▸ WHAT IS REQUIRED
The entries below are to be repeated exactly, and their pictures left out.

=-=-=-=-=

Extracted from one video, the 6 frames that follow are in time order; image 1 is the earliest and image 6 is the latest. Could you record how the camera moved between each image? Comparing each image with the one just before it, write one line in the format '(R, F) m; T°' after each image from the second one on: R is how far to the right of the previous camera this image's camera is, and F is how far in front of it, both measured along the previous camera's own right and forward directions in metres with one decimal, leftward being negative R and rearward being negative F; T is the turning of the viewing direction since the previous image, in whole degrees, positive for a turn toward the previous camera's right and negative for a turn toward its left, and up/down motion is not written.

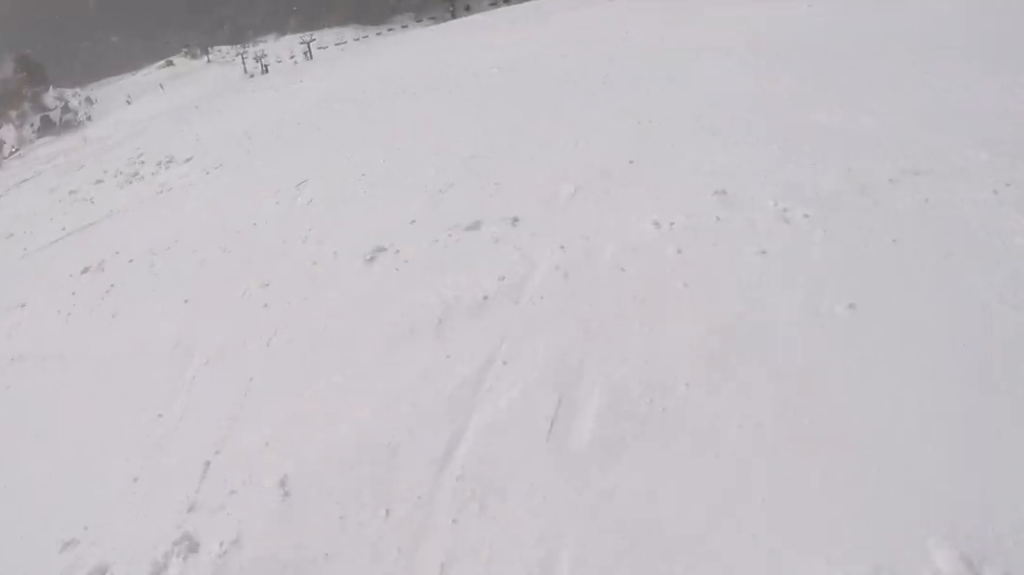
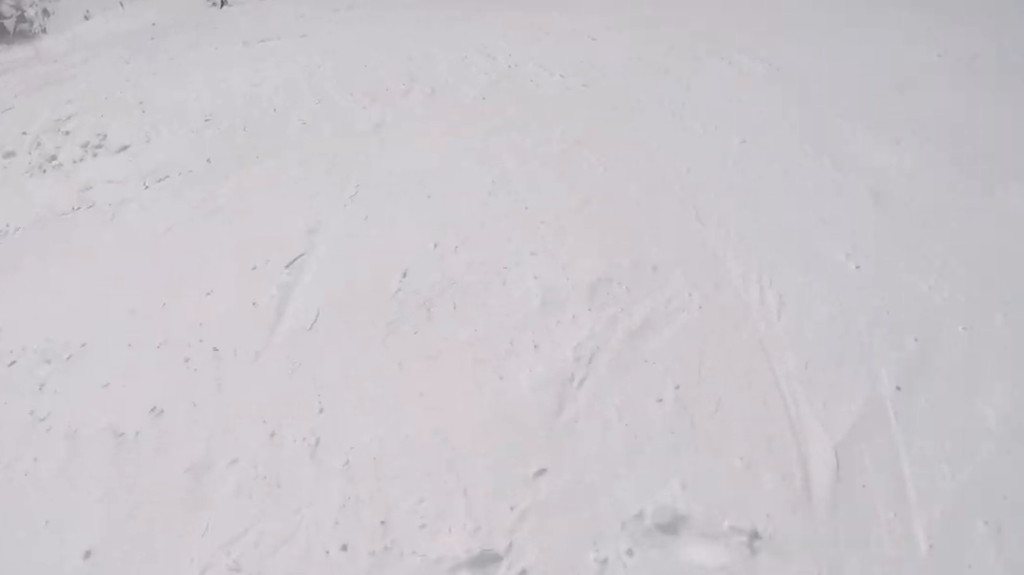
(+0.2, +1.8) m; +4°
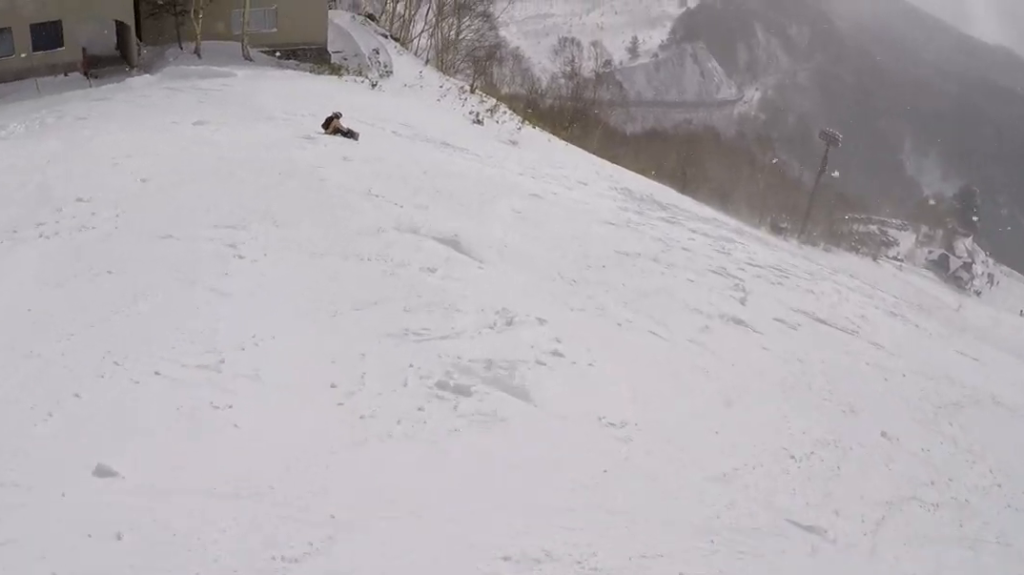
(-1.0, +7.6) m; -33°
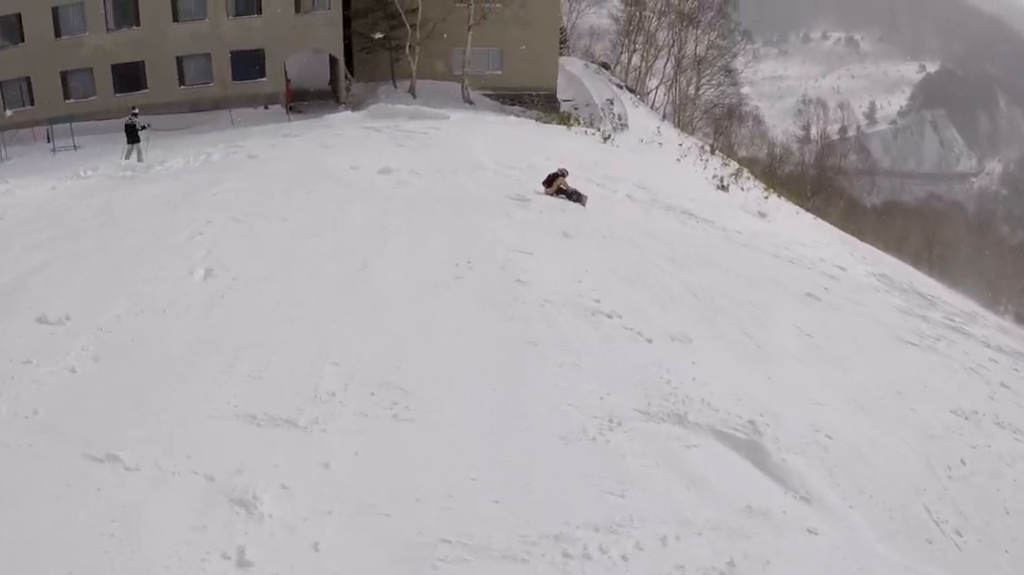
(-0.4, +4.1) m; -15°
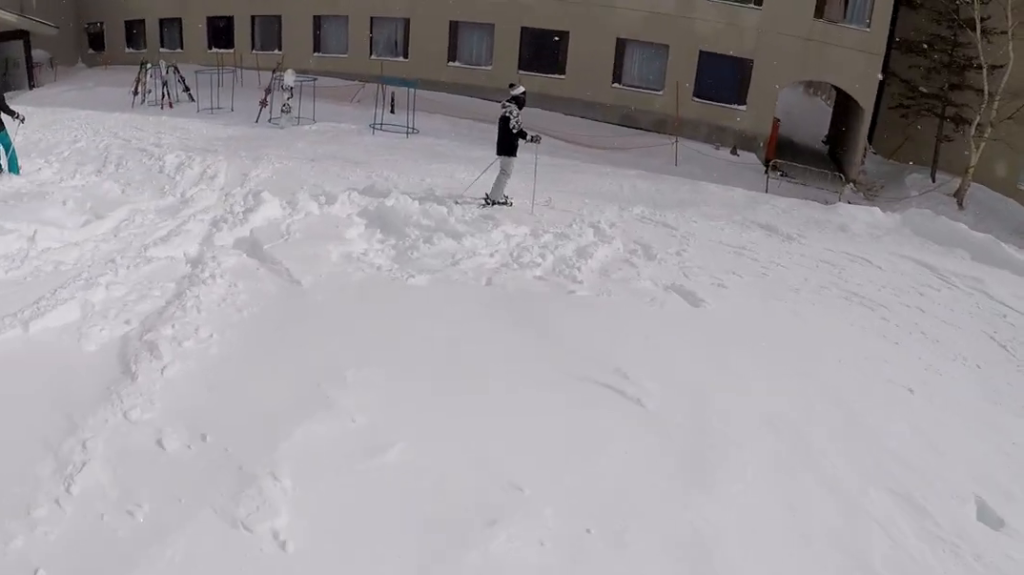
(-5.1, +7.5) m; -59°
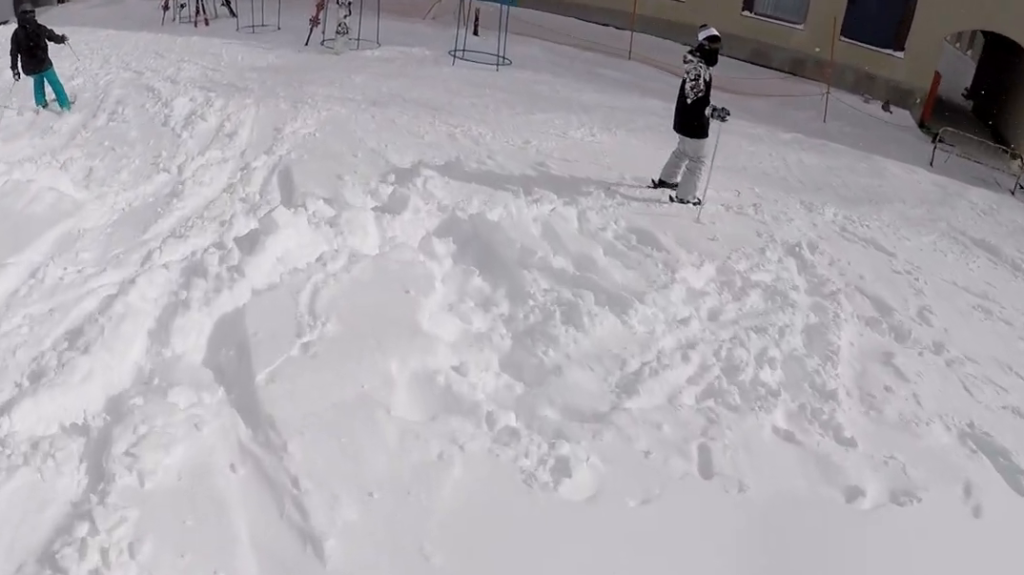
(0.0, +3.5) m; 0°

=-=-=-=-=

▸ ANSWER TO THE EXERCISE
Extracted from one video, the 6 frames that follow are in time order; image 1 is the earliest and image 6 is the latest. Could you record how the camera moved between each image? Comparing each image with the one just before it, write one line in the format '(R, F) m; T°' after each image from the second one on: R is how far to the right of the previous camera this image's camera is, and F is how far in front of it, both measured along the previous camera's own right and forward directions in metres with one decimal, leftward being negative R and rearward being negative F; T is the turning of the viewing direction since the previous image, in whole degrees, positive for a turn toward the previous camera's right and negative for a turn toward its left, and up/down motion is not written.

(+0.2, +1.8) m; +4°
(-1.0, +7.6) m; -33°
(-0.4, +4.1) m; -15°
(-5.1, +7.5) m; -59°
(0.0, +3.5) m; 0°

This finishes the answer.